Tja, so sind wir halt. Übersättigt, zickig und notorisch unzufrieden mit allem. Man sagt ja andauernd, so was wäre typisch Deutsch…ist es aber nicht…es ist typisch Szene. Typisch Mensch des 21. Jahrhunderts. Je mehr bestimmte Gruppen von sich behaupten, sie würden aus idealistischen Gründen auf oben genannte Dekadenzgesten™ verzichten, umso mehr verwandelt sich ebendieser Idealismus in eine ebensolche. Je größer unsere Auswahl an Möglichkeiten ist, unsere Freizeit zu gestalten, umso unzufriedener werden wir mit dem Gesamtangebot, da wird dann sofort jedes Haar in der Suppe zur toten Ratte in der Bouillon.

Ich kann sogar die großen Veranstalter verstehen, warum sie lieber dreimal im Jahr denselben Headliner in derselben Location veranstalten. Es handelt sich dabei meistens um Unternehmen, die im Laufe der Jahre ihre Passion zu einem Beruf gemacht und viele Mäuler zu stopfen haben. Irgendwann tauschen diese dann die Lust an der Innovation und die Freude daran, am Puls der Szene zu bleiben, gegen die finanzielle Sicherheit ein. Die Idealisten aus den 80ern und 90ern sind zu Dienstleistern verkommen. Und für Dienstleister hat der Kunde König zu sein. Fällt euch was auf?

Natürlich gibt es immer noch Veranstalter, die den Spagat zwischen kommerziellem Erfolg und Herzblut meistern, aber es werden weniger, je mehr Geld mittelmäßige, aber durch die Medien gepushte Retortencombos einbringen. Ein Kampf gegen Windmühlen, den kaum jemand auf sich nehmen will, der Frau und Kinder zu ernähren hat, geschweige denn seine 20 Mitarbeiter mit einem ebensolchen Rattenschwanz an Angehörigen. Wir haben halt nicht mehr 1986. Und wir haben auch nicht mehr 1994.
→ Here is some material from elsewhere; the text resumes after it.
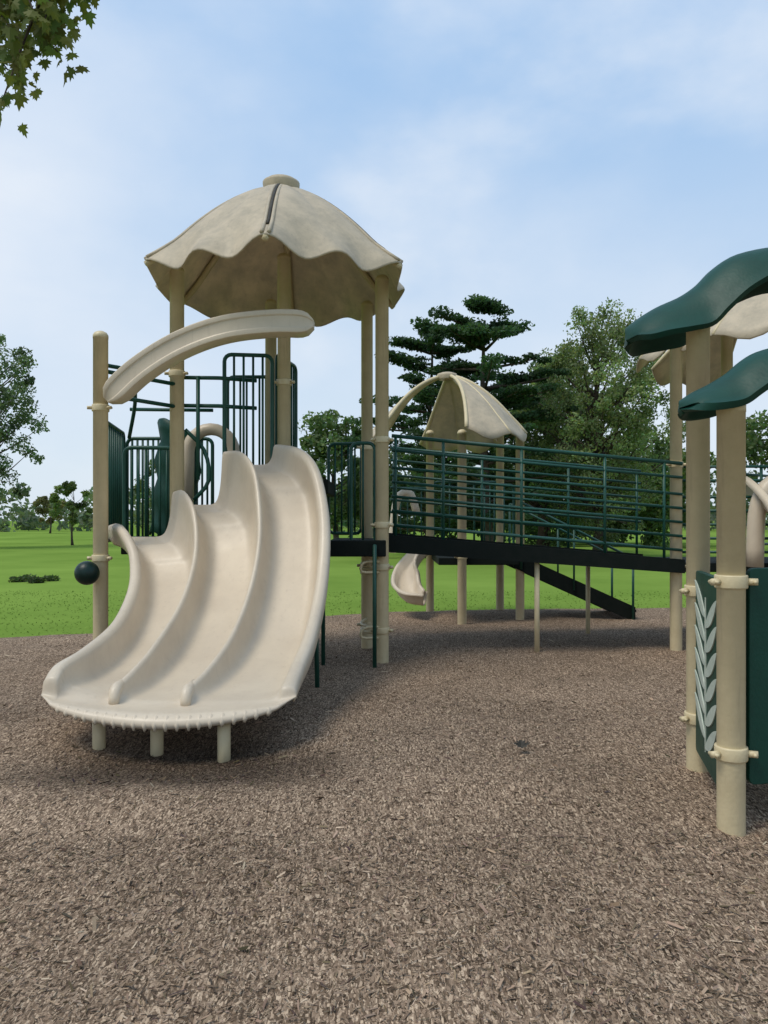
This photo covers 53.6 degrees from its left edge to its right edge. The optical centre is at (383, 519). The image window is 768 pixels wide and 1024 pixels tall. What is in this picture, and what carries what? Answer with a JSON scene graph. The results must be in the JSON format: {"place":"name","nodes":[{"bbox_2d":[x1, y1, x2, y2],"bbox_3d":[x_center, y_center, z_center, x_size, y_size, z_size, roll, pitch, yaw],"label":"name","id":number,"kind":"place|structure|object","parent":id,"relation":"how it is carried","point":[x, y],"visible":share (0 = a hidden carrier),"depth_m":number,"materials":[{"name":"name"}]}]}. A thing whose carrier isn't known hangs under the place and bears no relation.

Und daß wir alle irgendwie schuld sind, liegt auf der Hand. Also, wenn ihr euch das nächste Mal via Facebook, in Foren oder im Freundeskreis darüber lauthals beschwert, wie gleichförmig, langweilig und BWL-mäßig die Konzertlandschaft geworden ist, dann packt euch an die eigene Nase. Geht nächstes Jahr nicht zu dem Festival, über das ihr euch schon in den Vorjahren aufgeregt habt. Laßt das Hochglanzmagazin im Regal stehen, anstatt euch darüber zu beschweren, daß diese Zeitschriften Scheiße zu Gold hochjubeln. Kauft keine CDs mehr von satten, sich ewig wiederholenden Bands, mit denen ihr zwar aufgewachsen seid, aber die heute nur noch ein Schatten ihrer selbst sind. Wenn euch im Kino die 2345. Fortsetzung eines Michael Bay Films (passt jetzt nicht hier rein aber ich hab ’n Brass auf Michael Bay…) auf den Sack geht, dann GEHT…NICHT…REIN!

Es gibt genug Alternativen, in jedem Bereich. Wer den Euro im Geldbeutel hat, der hat auch die Macht, etwas zu verändern, oder glaubt ihr wirklich noch, es geht bei all dem um irgendwas anderes?